**Instructions for the task:** Retype all of the entries precisely.

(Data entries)
=======
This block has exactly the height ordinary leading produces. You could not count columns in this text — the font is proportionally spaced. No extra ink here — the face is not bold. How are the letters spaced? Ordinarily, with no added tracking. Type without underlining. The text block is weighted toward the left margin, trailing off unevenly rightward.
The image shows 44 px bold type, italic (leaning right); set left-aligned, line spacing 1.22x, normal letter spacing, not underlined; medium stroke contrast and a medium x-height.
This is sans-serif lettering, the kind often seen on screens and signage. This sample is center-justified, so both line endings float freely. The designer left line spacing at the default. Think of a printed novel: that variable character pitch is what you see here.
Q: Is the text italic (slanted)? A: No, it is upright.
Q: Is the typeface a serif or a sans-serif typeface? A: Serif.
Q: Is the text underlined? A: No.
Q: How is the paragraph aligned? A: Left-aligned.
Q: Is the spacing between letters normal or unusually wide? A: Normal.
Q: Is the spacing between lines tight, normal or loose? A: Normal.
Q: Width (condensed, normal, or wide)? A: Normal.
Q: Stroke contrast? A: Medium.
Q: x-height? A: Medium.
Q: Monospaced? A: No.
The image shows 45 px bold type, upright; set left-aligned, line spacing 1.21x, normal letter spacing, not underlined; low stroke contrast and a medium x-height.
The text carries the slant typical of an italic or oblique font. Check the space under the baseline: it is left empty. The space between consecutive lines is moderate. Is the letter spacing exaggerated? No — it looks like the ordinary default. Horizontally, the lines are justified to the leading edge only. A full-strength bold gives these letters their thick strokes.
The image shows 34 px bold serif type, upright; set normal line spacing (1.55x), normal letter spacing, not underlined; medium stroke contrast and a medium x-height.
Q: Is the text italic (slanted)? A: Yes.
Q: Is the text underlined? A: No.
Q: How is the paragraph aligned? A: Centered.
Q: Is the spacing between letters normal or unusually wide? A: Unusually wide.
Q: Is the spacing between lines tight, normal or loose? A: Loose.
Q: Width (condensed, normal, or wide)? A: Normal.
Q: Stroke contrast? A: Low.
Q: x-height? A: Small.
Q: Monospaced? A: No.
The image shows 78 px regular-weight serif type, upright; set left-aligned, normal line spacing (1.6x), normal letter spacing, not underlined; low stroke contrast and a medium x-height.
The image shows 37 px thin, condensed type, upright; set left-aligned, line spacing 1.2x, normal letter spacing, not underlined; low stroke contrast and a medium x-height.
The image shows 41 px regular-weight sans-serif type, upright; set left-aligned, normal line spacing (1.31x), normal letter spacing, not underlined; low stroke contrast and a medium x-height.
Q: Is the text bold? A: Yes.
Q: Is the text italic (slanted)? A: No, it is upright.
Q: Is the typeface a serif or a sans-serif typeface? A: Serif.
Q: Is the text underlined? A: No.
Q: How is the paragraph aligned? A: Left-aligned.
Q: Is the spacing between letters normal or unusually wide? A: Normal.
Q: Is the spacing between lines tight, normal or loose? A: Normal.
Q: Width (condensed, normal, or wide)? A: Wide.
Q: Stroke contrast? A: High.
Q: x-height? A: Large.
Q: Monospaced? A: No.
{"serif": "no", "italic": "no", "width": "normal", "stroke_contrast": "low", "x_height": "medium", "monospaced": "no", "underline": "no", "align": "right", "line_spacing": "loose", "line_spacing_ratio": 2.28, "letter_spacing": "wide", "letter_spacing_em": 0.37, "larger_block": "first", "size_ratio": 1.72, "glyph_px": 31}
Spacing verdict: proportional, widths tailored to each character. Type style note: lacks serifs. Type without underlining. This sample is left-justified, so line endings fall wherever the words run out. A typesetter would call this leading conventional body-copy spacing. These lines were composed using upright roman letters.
=======
**Solution:**
This block has exactly the height ordinary leading produces. You could not count columns in this text — the font is proportionally spaced. No extra ink here — the face is not bold. How are the letters spaced? Ordinarily, with no added tracking. Type without underlining. The text block is weighted toward the left margin, trailing off unevenly rightward.
The image shows 44 px bold type, italic (leaning right); set left-aligned, line spacing 1.22x, normal letter spacing, not underlined; medium stroke contrast and a medium x-height.
This is sans-serif lettering, the kind often seen on screens and signage. This sample is center-justified, so both line endings float freely. The designer left line spacing at the default. Think of a printed novel: that variable character pitch is what you see here.
Q: Is the text italic (slanted)? A: No, it is upright.
Q: Is the typeface a serif or a sans-serif typeface? A: Serif.
Q: Is the text underlined? A: No.
Q: How is the paragraph aligned? A: Left-aligned.
Q: Is the spacing between letters normal or unusually wide? A: Normal.
Q: Is the spacing between lines tight, normal or loose? A: Normal.
Q: Width (condensed, normal, or wide)? A: Normal.
Q: Stroke contrast? A: Medium.
Q: x-height? A: Medium.
Q: Monospaced? A: No.
The image shows 45 px bold type, upright; set left-aligned, line spacing 1.21x, normal letter spacing, not underlined; low stroke contrast and a medium x-height.
The text carries the slant typical of an italic or oblique font. Check the space under the baseline: it is left empty. The space between consecutive lines is moderate. Is the letter spacing exaggerated? No — it looks like the ordinary default. Horizontally, the lines are justified to the leading edge only. A full-strength bold gives these letters their thick strokes.
The image shows 34 px bold serif type, upright; set normal line spacing (1.55x), normal letter spacing, not underlined; medium stroke contrast and a medium x-height.
Q: Is the text italic (slanted)? A: Yes.
Q: Is the text underlined? A: No.
Q: How is the paragraph aligned? A: Centered.
Q: Is the spacing between letters normal or unusually wide? A: Unusually wide.
Q: Is the spacing between lines tight, normal or loose? A: Loose.
Q: Width (condensed, normal, or wide)? A: Normal.
Q: Stroke contrast? A: Low.
Q: x-height? A: Small.
Q: Monospaced? A: No.
The image shows 78 px regular-weight serif type, upright; set left-aligned, normal line spacing (1.6x), normal letter spacing, not underlined; low stroke contrast and a medium x-height.
The image shows 37 px thin, condensed type, upright; set left-aligned, line spacing 1.2x, normal letter spacing, not underlined; low stroke contrast and a medium x-height.
The image shows 41 px regular-weight sans-serif type, upright; set left-aligned, normal line spacing (1.31x), normal letter spacing, not underlined; low stroke contrast and a medium x-height.
Q: Is the text bold? A: Yes.
Q: Is the text italic (slanted)? A: No, it is upright.
Q: Is the typeface a serif or a sans-serif typeface? A: Serif.
Q: Is the text underlined? A: No.
Q: How is the paragraph aligned? A: Left-aligned.
Q: Is the spacing between letters normal or unusually wide? A: Normal.
Q: Is the spacing between lines tight, normal or loose? A: Normal.
Q: Width (condensed, normal, or wide)? A: Wide.
Q: Stroke contrast? A: High.
Q: x-height? A: Large.
Q: Monospaced? A: No.
{"serif": "no", "italic": "no", "width": "normal", "stroke_contrast": "low", "x_height": "medium", "monospaced": "no", "underline": "no", "align": "right", "line_spacing": "loose", "line_spacing_ratio": 2.28, "letter_spacing": "wide", "letter_spacing_em": 0.37, "larger_block": "first", "size_ratio": 1.72, "glyph_px": 31}
Spacing verdict: proportional, widths tailored to each character. Type style note: lacks serifs. Type without underlining. This sample is left-justified, so line endings fall wherever the words run out. A typesetter would call this leading conventional body-copy spacing. These lines were composed using upright roman letters.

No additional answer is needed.